Use a build server to build your own packages. After that it's only 20 minutes to do a full update.


----------



## sysman (Jun 9, 2010)

set a server on is not toppest solution tough, then will be packages that won't suit on my laptop, starting or building from a server machine. If my laptop needs some features (and server does not), I will be same situation as above written, I guess there will be some ports/packages inconsistency or something else... may be I get wrong, but it's my impression. Unlikely, if I decide to upgrade only via packages, the risks are packages outdated (how much outdated then?) but high speed upgr operations, something similar to debian-apt upgrading procedures.

SYS


----------



## graudeejs (Jun 9, 2010)

he means build jail on server that will compile packages especially for laptop, then install these packages on laptop.


----------



## sysman (Jun 9, 2010)

indeed, so you, to upgrade your laptop you have to setup a server, jailed env or similar... I dont guess this is suitable for most users though, I repeat. So, any other nicer/smart solutions?


----------



## DutchDaemon (Jun 9, 2010)

Get a bigger laptop. I have 700 ports installed, and with a reasonable CPU and some daily/weekly effort, it's not that much work. Or use the -P flag to portupgrade and make it use packages when these are available. This will only work if you don't update ports too frequently, because packages lag behind ports by a few weeks.


----------



## SirDice (Jun 9, 2010)

sysman said:
			
		

> set a server on is not toppest solution tough, then will be packages that won't suit on my laptop, starting or building from a server machine. If my laptop needs some features (and server does not), I will be same situation as above written, I guess there will be some ports/packages inconsistency or something else... may be I get wrong, but it's my impression.


That's why I usually do 2 build runs. One using a server 'profile' (WITHOUT_X11 mainly) and one using a desktop 'profile'. Options are turned on/off accordingly. Packages are saved to different (exported) trees. Takes a bit of time to get everything done but once building is done the way I want I can install those packages on numerous other machines. I 'upgrade' those by doing *pkg_delete -a* and pkg_add'ing everything I need.

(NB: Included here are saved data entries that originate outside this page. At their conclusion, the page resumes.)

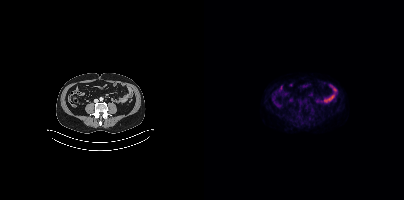
{"modality":"PSMA PET/CT","view":"axial","tracer":"[68Ga]Ga-PSMA-11","pet_grid":[200,200],"coord_frame":"pet_panel","coord_format":"x0,y0,x1,y1","psma_avid_lesions":false}
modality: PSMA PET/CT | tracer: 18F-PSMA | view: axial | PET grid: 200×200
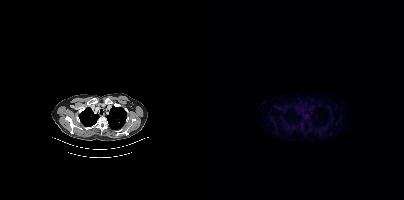
This slice has no annotated PSMA-avid lesion.
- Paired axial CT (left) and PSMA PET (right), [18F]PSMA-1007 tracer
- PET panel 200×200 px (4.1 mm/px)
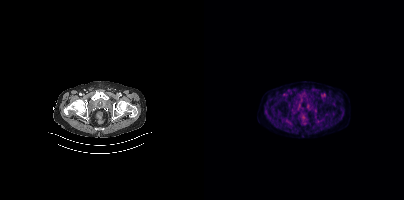
Findings: This slice has no annotated PSMA-avid lesion.
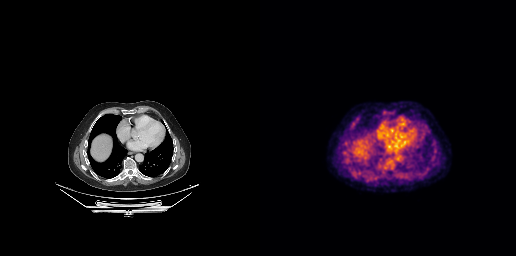
No PSMA-avid tumor lesions on this slice.
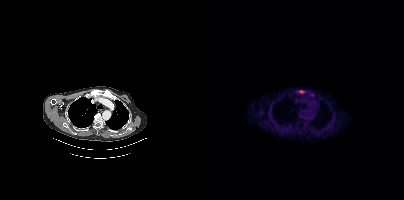
Coordinates are on the 200×200 PET (right) panel. Small PSMA-avid focus (2 to 4 px across) near (center x, center y): (97, 91).
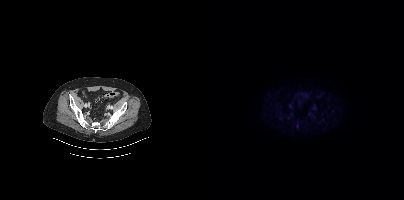
Left: CT. Right: PSMA PET, same axial level, 18F-PSMA tracer. Slice position z = -968 mm. Coordinates are on the 200×200 PET (right) panel. Small PSMA-avid focus (2 to 4 px across) near (center x, center y): (93, 126).
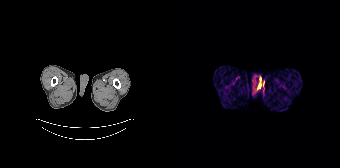
No tumor lesions annotated on this slice.
modality: PSMA PET/CT | tracer: [68Ga]Ga-PSMA-11 | view: axial
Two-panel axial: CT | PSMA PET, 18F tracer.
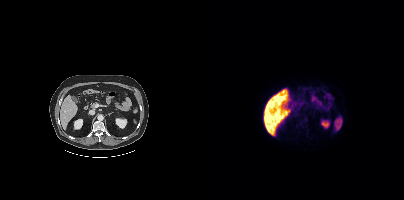
No tumor lesions annotated on this slice.
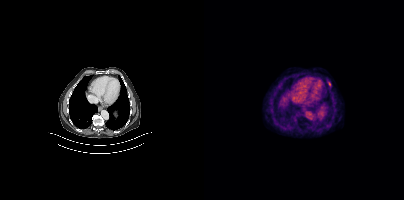
Technique: Paired axial CT (left) and PSMA PET (right), 18F tracer. slice position z = -442 mm.
Findings: Coordinates are on the 200×200 PET (right) panel. PSMA-avid tumor lesion bounding box (x0,y0,x1,y1): [124,81,127,86].
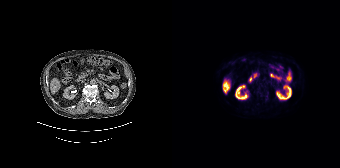
Findings: No PSMA-avid tumor lesions on this slice.
Technique: Paired axial CT (left) and PSMA PET (right), 18F-PSMA tracer. acquired on Siemens Biograph 64-4R TruePoint. slice position z = -996 mm. PET panel 168×168 px (4.1 mm/px).
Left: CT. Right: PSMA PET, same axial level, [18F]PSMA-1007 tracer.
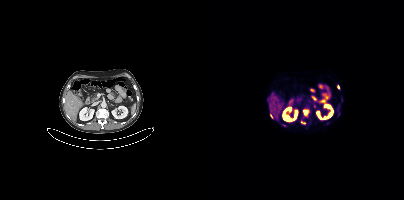
Coordinates are on the 200×200 PET (right) panel. PSMA-avid tumor lesion bounding boxes (partial; 1 more focus not listed):
| # | x0 | y0 | x1 | y1 |
|---|---|---|---|---|
| 1 | 99 | 110 | 104 | 116 |
Small PSMA-avid foci (2 to 4 px across) near (center x, center y): (134, 86); (67, 115); (97, 121); (100, 123).

That last step is quick and painless with minimal downtime. The only thing still missing on my network is a proper jumpstart server.


----------



## sysman (Jun 10, 2010)

indeed, using "packages" when possibile during upgrades help you considerably, hoping there aren't version misalignments between ports/sources and available packages.
Laptop. Yes, having huge and powerful laptop is best as well, in my case I've a proud (and brave ï¿½jr) netbook Atom N280 that works well, but processor speed/power is not definitely the top.
Today, after 3days of compilation and installing (new GETTEXT caused to reinstalling/upgrading a lot of ports that depend on it) I have my netbook perfeclty working now, but I'm afraid thinking to reschedule next upgrading... :\

SYS


----------